我和她,都各自得到了心中嚮往的那種快樂。
田秋秋有了昨天第一次折磨之後,這第二次,雖然還是疼痛,但卻在這疼痛中,努力尋找到那種不可言說的境界了。
看着她那迷醉與享受的眼波,還有那具疲倦慵懶的美麗身子。
我發現,這時候,纔是我最驕傲的時刻!
瘋狂過後,迴歸理性。我倆重新洗了一遍身子,然後才轉回石室。
我們的衣服,經過兩天的晾曬,這時終於有點乾的樣子了。
一場激情,體力消耗太大,這時只感覺一陣陣的冷意。於是我們匆忙撿了那些衣服來穿。
按理說,在這種食物短缺,沒有溫度的情況下,我倆應該保持靜止,不宜做劇烈的運動的。
因爲這樣的話,可以儘量地保持體內熱量不流失,讓我們多活兩天。
但是,回頭一想,覺得這又有什麼意義?
人生若不能快活,那麼生與死又有何分別。
我和田秋秋都是一樣,寧可在這死亡的地牢裡快樂的存在三天,也不願枯燥無趣地活上十日。
我看了一眼正在整理裙子的田秋秋,忍不住又將她攬了一攬,給了她一個輕輕的擁抱。
心裡有情,所以纔會產生這種眷戀吧。
這個女孩子,已經不知不覺佔據我大半個心了。
我喜歡她,也想疼愛她。
至於原因,也許是因爲她跟我命運相連?
是的!就是這樣!
在這黑暗的地底接受命運的仲裁,我們都把彼此當成唯一了。
田秋秋去牆角邊取了食物,在我面前攤開,笑着對我道:“來,樂樂哥,開飯了。

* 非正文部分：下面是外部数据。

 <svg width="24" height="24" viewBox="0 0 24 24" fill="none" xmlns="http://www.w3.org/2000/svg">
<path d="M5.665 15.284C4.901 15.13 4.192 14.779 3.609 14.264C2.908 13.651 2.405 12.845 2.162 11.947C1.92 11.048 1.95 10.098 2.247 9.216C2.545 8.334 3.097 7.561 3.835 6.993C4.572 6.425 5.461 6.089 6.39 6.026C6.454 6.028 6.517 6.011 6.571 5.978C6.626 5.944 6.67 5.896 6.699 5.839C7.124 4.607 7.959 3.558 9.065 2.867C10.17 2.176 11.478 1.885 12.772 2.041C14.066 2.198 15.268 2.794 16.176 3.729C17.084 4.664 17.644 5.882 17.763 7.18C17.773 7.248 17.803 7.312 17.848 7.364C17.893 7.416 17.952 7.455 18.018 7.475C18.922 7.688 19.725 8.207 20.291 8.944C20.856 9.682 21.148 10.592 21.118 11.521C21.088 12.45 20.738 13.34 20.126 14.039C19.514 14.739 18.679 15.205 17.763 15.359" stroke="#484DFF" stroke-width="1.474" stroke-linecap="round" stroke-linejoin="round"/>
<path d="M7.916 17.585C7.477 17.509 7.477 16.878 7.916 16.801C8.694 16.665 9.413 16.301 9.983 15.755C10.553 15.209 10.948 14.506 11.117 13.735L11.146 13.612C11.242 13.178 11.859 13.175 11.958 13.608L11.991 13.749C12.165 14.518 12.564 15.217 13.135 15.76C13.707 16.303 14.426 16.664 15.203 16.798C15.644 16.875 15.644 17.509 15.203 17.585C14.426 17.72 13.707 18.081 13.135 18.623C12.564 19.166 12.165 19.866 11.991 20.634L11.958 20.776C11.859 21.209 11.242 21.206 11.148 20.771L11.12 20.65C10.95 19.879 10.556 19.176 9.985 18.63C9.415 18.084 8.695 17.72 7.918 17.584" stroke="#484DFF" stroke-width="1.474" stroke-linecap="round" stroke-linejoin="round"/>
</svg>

”我們已經一天一夜沒進過食,好在不用再挖土,大半的時間又是在睡覺,這才讓我們肚子捱得久一點兒。
我看着地上那一小塊兒熟肉,還有半隻生地狼肉。
這,是最後的一頓飯了!
田秋秋還故作輕鬆:“來,樂樂哥,我們吃吧,吃完這一頓,我們就要攜手赴黃泉了!”
我苦笑了笑:“傻丫頭兒,你倒是看得開呢。”
田秋秋拿小刀切着她的那塊熟肉,道:“早就看開啦。死就死唄,反正有人陪着,黃泉路上也不怕寂寞。”
她切了一半的熟肉,舉給我:“來點好吃的?”
“不要,我已經改變飲食習慣了,喜歡吃生的了。”我搖頭,然後撿起我的地狼肉來嚼。
田秋秋見狀,默默縮回手去,臉色也慢慢黯了下來,又偷偷地嘆了口氣。
我笑她:“嘆啥氣呀,剛纔那份豪邁哪去了?”
她一擡眼:“讓你給比沒了。樂樂哥,你就不能自私一回嗎?”
我:“……!”我色眯眯一笑:“反正一路都裝下來了,何必到這時再露出我的大尾巴來。繼續假裝對你好,才能繼續騙取你的身子呀。”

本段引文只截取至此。